刺帛gl(19)

作者:南波树 阅读记录 TXT下载

白蝉:“……或许是龙?”

福纨:“不会吧,你看此处,分明有一张人脸。”她顿了顿,“该不会是暗示龙吃了人?又或许这是一对人龙伴侣,正在亲热?”

白蝉:“……”

白蝉瞥了一眼画,开口道:“烛九阴,烛龙。”

福纨:“那又是什么?”

白蝉:“传说中司掌秋天的神明,人脸龙身。”

福纨睁大眼睛看她:“你竟还知道这些,厉害!”

白蝉轻咳一声,别过脸:“也,也没甚了不起。”

第16章

这山洞位于半山腰,洞口层层叠叠生着常青树,如天然的屏障,偶尔漏进几缕细碎的光线,很适合临时落脚休息。

日头渐渐升高,福纨对着阳光,将那幅神秘的烛龙图翻来覆去看了个遍,却毫无头绪。白蝉对烛龙的了解也十分有限。福纨想起宫中藏书库有不少志怪典籍,或许能找到些线索。
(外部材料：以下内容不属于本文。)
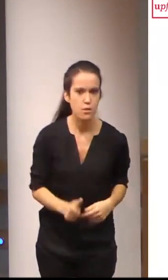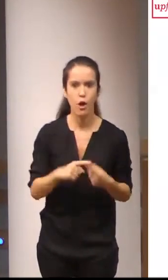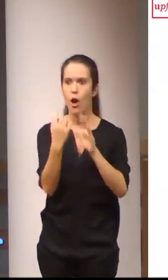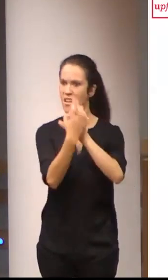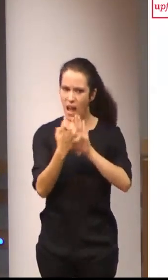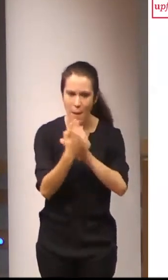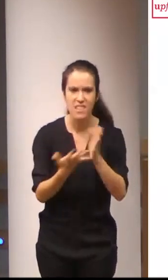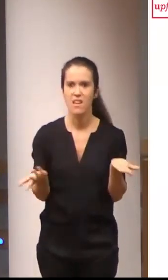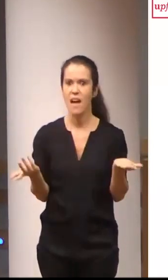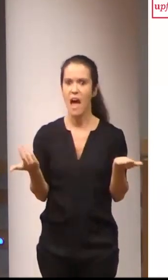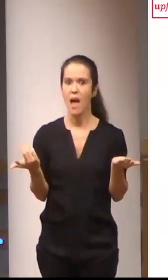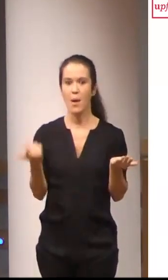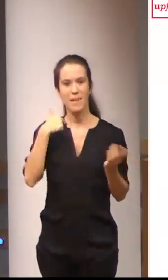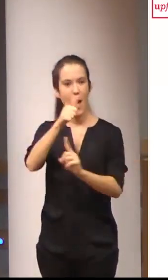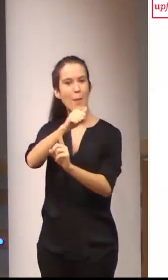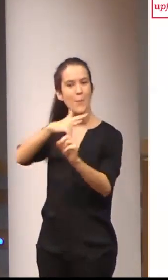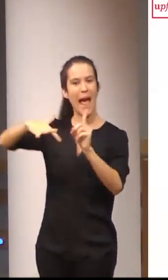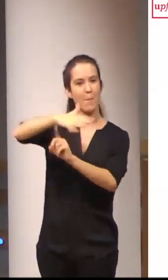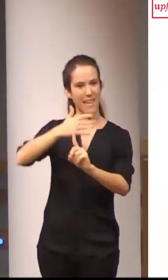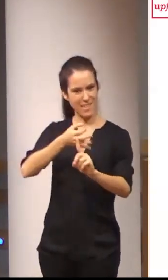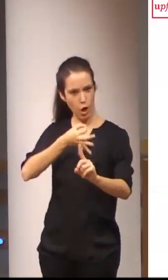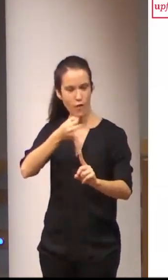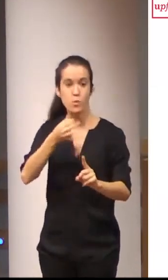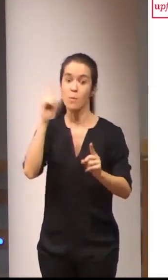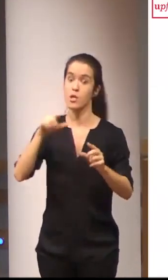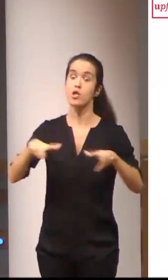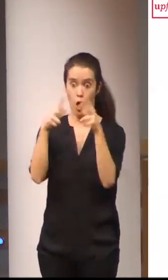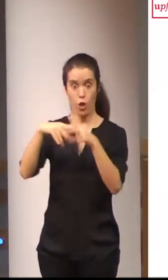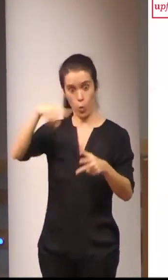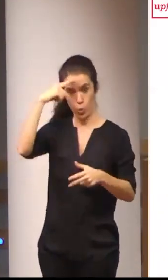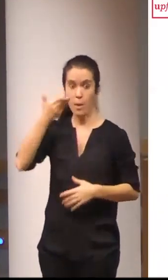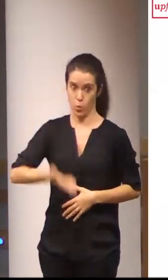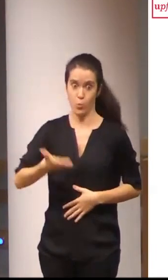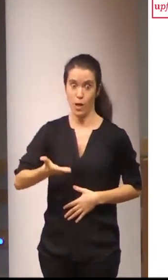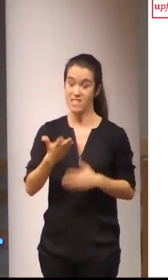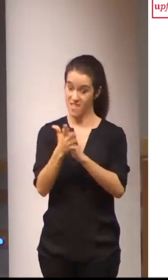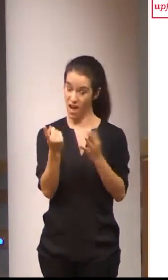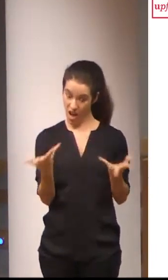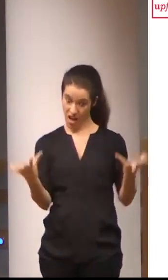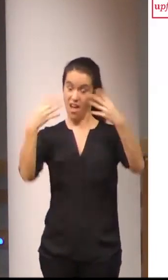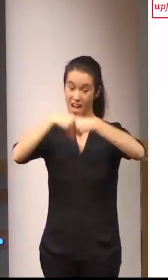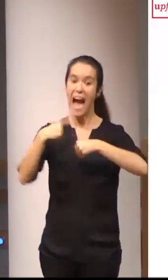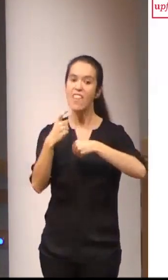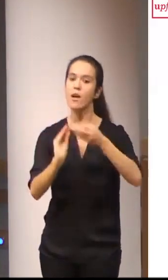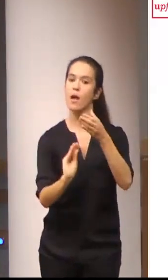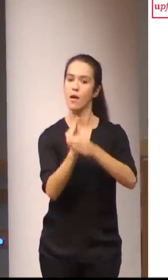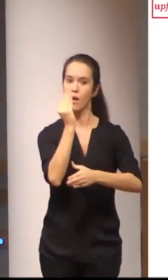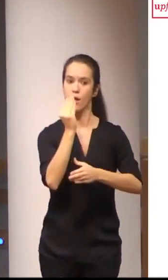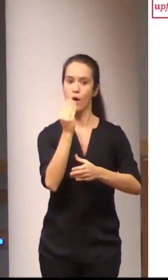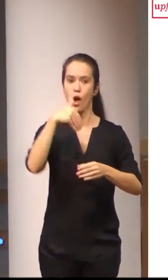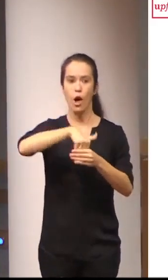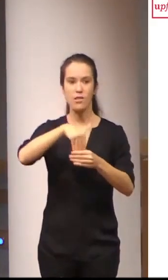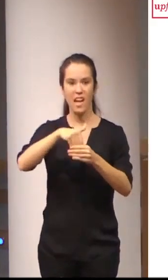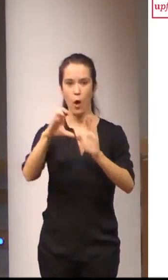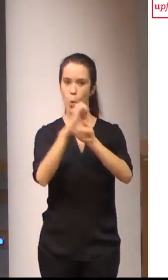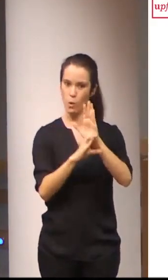la gramática, la parte pragmática discursiva y sociocultural también tienen que estar incluidos en unos contenidos curriculares formativos,
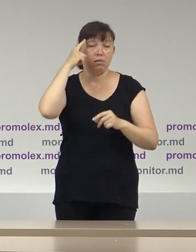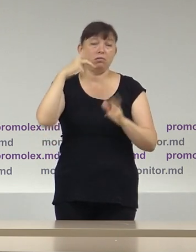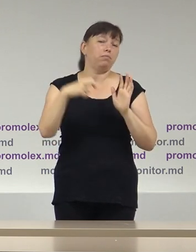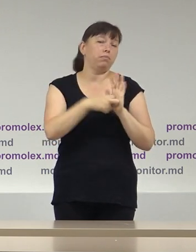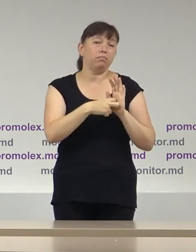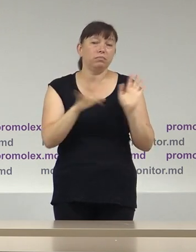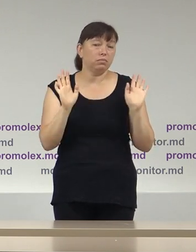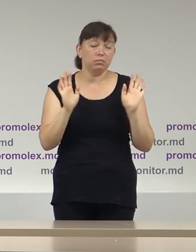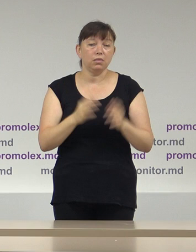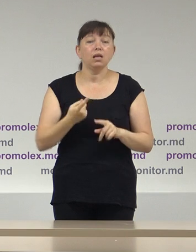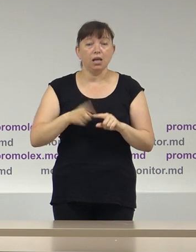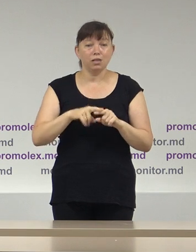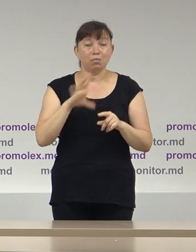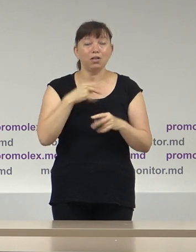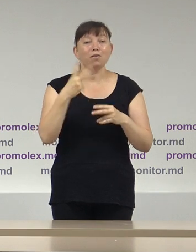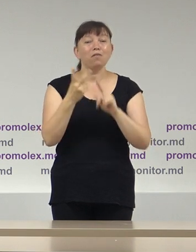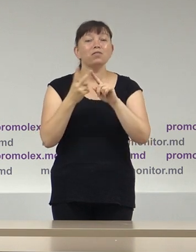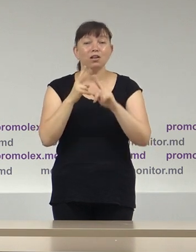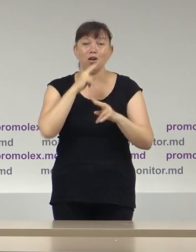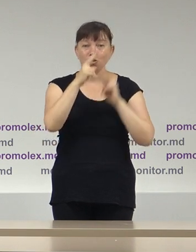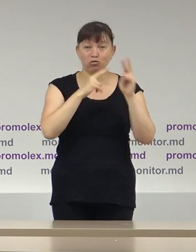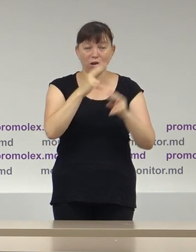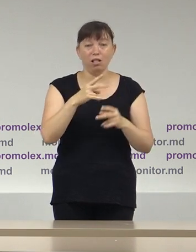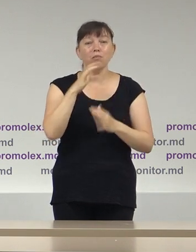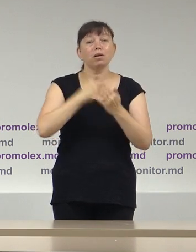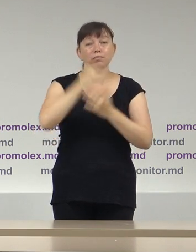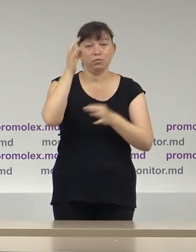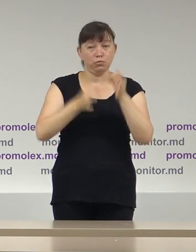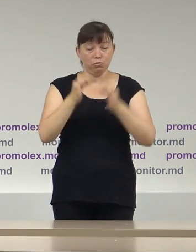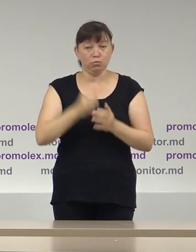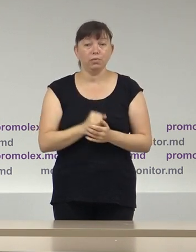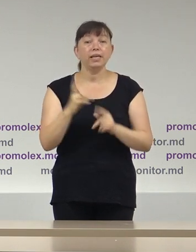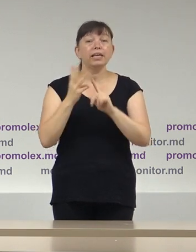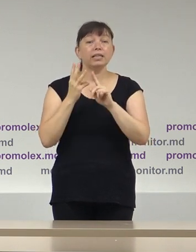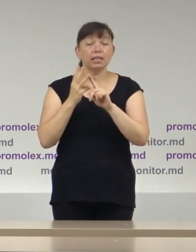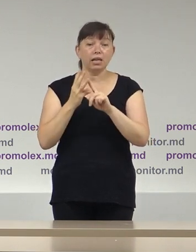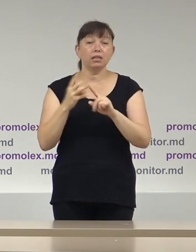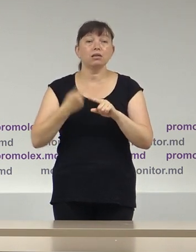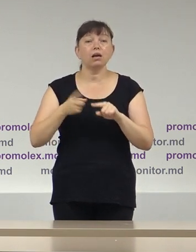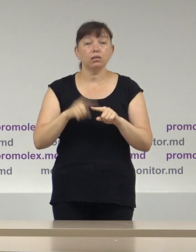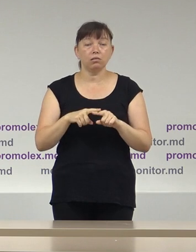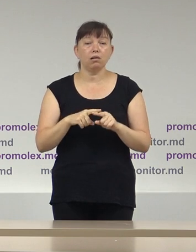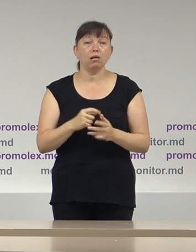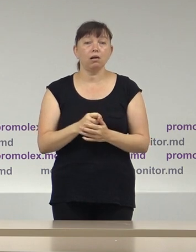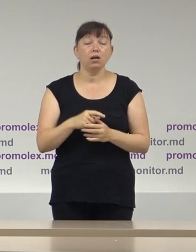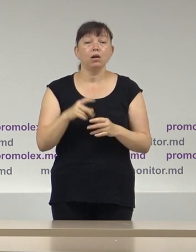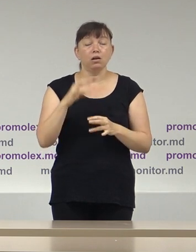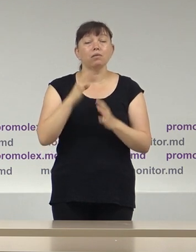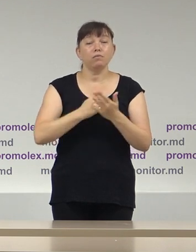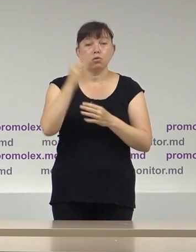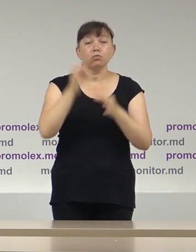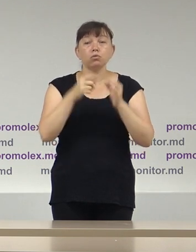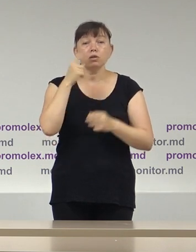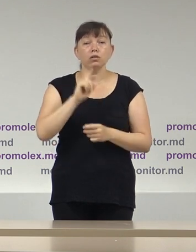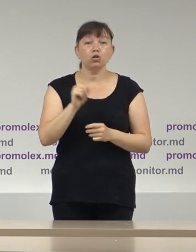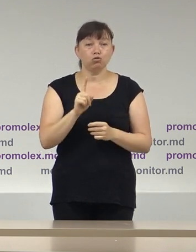ține de o altă sesizare depusă la Curtea Constițională. Și în al treilea moment important de reținut, Curtea la fel a spus

她抬手在额头搭了个凉棚,眺望了一下天色:“现在出发回宫,兴许还赶得上看烟火?”

白蝉皱眉:“伤成这样,你还想着玩?”

福纨撒娇:“上回你亲口答应我的!”

白蝉道:“上回是上回,这回是这回。你如今受了伤,理应——”

福纨拉长声调:“好姐姐——”

白蝉:“……”

福纨:“那,好师父?”

白蝉抿唇:“休得胡闹。”

她被福纨闹得没法,只得搀着人站起来,两人相携着往山下走。

天光大亮,昨夜摸尸的人已经散去,只余清风拂树梢,搅碎一地斑驳光斑。

走了一阵,白蝉停下来,反手将福纨背上了身。她大约很少背人,动作十分生疏,福纨被她姿态僵硬地背着,简直比自己两腿走路还费劲。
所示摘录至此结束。